> [Instructions for the task] Give back each entry word for word, but drop the images.

Entries taken from a collection
*** Block opens ***

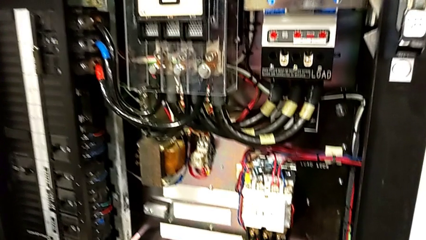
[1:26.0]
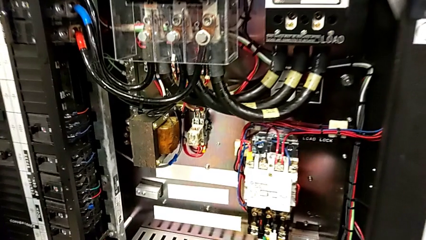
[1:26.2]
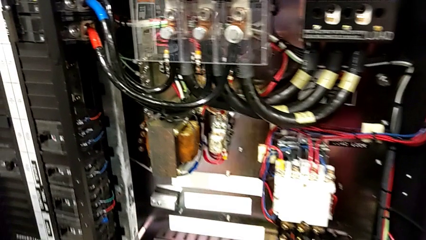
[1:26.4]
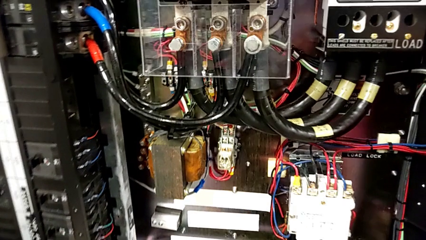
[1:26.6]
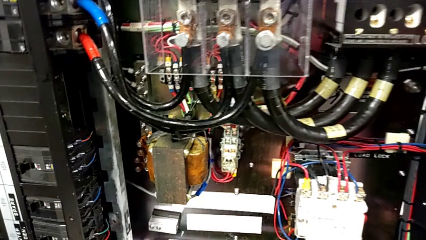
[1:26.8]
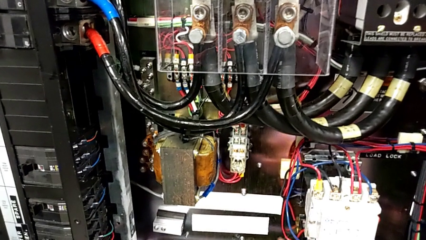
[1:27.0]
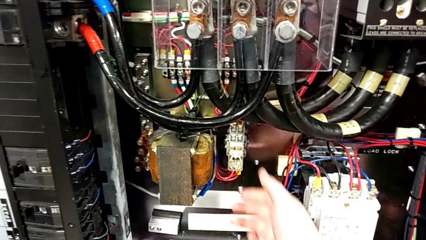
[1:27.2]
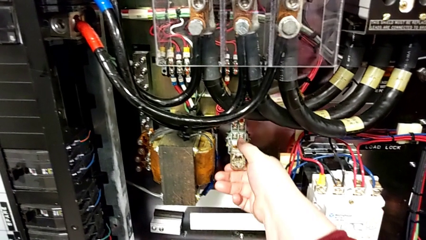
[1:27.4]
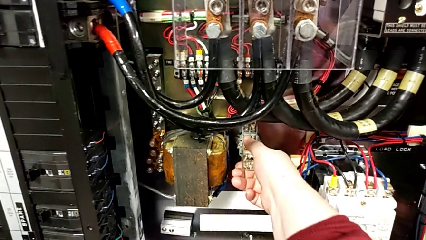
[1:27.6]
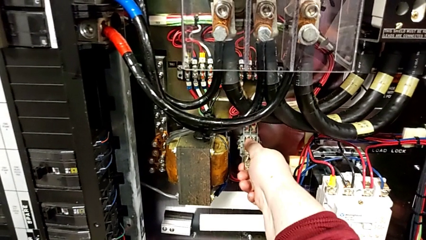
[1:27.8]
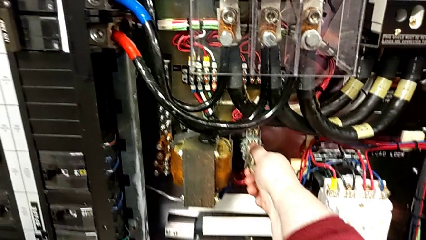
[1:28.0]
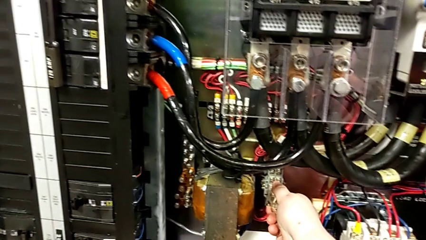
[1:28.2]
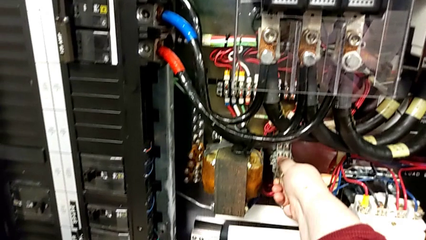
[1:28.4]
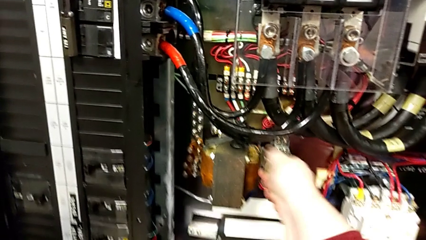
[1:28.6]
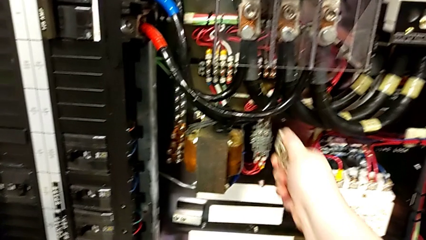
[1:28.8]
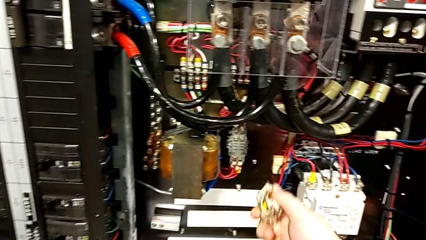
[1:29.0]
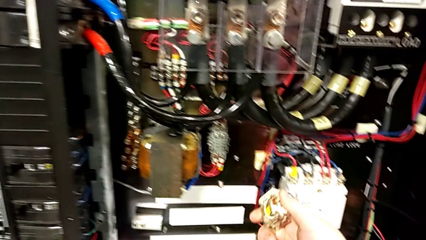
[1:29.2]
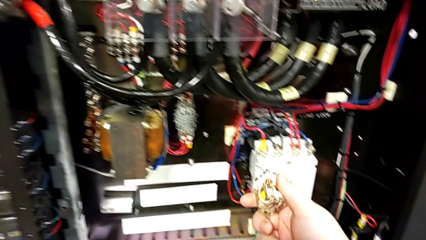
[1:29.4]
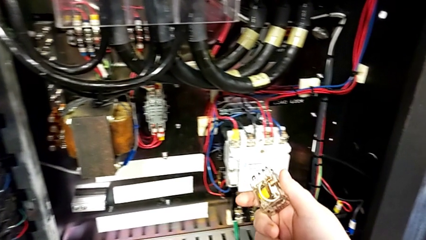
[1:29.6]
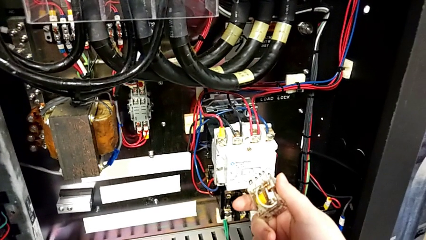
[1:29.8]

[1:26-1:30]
The camera wearer is exchanging a replacement component. They pull the circuit breaker.

*** Block closes ***

> [Your response]
[1:26.0]
[1:26.2]
[1:26.4]
[1:26.6]
[1:26.8]
[1:27.0]
[1:27.2]
[1:27.4]
[1:27.6]
[1:27.8]
[1:28.0]
[1:28.2]
[1:28.4]
[1:28.6]
[1:28.8]
[1:29.0]
[1:29.2]
[1:29.4]
[1:29.6]
[1:29.8]

[1:26-1:30]
The camera wearer is exchanging a replacement component. They pull the circuit breaker.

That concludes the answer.